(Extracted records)
----------

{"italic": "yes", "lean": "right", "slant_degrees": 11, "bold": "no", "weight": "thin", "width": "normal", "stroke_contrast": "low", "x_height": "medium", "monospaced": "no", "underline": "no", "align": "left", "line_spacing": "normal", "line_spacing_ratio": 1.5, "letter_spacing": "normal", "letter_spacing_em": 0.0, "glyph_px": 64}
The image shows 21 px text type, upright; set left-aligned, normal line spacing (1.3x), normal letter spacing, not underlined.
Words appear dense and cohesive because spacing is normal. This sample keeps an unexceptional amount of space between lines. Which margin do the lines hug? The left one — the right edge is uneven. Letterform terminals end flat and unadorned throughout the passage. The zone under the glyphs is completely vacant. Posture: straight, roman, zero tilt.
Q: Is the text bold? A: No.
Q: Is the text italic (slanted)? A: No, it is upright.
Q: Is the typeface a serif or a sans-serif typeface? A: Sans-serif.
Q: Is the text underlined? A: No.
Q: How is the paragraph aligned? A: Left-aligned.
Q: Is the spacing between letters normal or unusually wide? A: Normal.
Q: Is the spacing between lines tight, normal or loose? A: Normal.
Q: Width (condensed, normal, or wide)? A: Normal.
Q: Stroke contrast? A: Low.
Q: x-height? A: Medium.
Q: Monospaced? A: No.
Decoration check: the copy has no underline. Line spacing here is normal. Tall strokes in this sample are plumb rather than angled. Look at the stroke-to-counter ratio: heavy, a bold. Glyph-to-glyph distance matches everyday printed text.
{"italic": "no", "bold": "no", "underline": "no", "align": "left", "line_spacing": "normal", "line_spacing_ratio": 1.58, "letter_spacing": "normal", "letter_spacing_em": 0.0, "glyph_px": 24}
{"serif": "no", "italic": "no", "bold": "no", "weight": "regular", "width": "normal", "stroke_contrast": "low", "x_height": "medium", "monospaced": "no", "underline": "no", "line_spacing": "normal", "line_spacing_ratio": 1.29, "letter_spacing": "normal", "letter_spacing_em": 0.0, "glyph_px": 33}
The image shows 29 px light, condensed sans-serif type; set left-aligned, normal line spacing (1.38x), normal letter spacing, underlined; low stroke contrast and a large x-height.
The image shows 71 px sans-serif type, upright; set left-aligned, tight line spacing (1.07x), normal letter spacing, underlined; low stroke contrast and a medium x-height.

----------

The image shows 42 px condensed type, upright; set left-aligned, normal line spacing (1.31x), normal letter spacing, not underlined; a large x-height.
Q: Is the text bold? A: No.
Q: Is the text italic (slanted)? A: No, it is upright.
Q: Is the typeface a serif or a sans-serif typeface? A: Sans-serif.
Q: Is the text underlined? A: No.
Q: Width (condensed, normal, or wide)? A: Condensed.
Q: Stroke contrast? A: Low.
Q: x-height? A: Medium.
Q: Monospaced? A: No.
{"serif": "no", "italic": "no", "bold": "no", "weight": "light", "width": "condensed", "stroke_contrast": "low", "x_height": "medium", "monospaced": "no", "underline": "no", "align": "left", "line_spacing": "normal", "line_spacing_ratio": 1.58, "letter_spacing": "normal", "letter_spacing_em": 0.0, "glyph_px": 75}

----------

Your assignment
For every line in the data above that holds "upright", return the line itself.

Reply
The image shows 21 px text type, upright; set left-aligned, normal line spacing (1.3x), normal letter spacing, not underlined.
Q: Is the text italic (slanted)? A: No, it is upright.
The image shows 71 px sans-serif type, upright; set left-aligned, tight line spacing (1.07x), normal letter spacing, underlined; low stroke contrast and a medium x-height.
The image shows 42 px condensed type, upright; set left-aligned, normal line spacing (1.31x), normal letter spacing, not underlined; a large x-height.
Q: Is the text italic (slanted)? A: No, it is upright.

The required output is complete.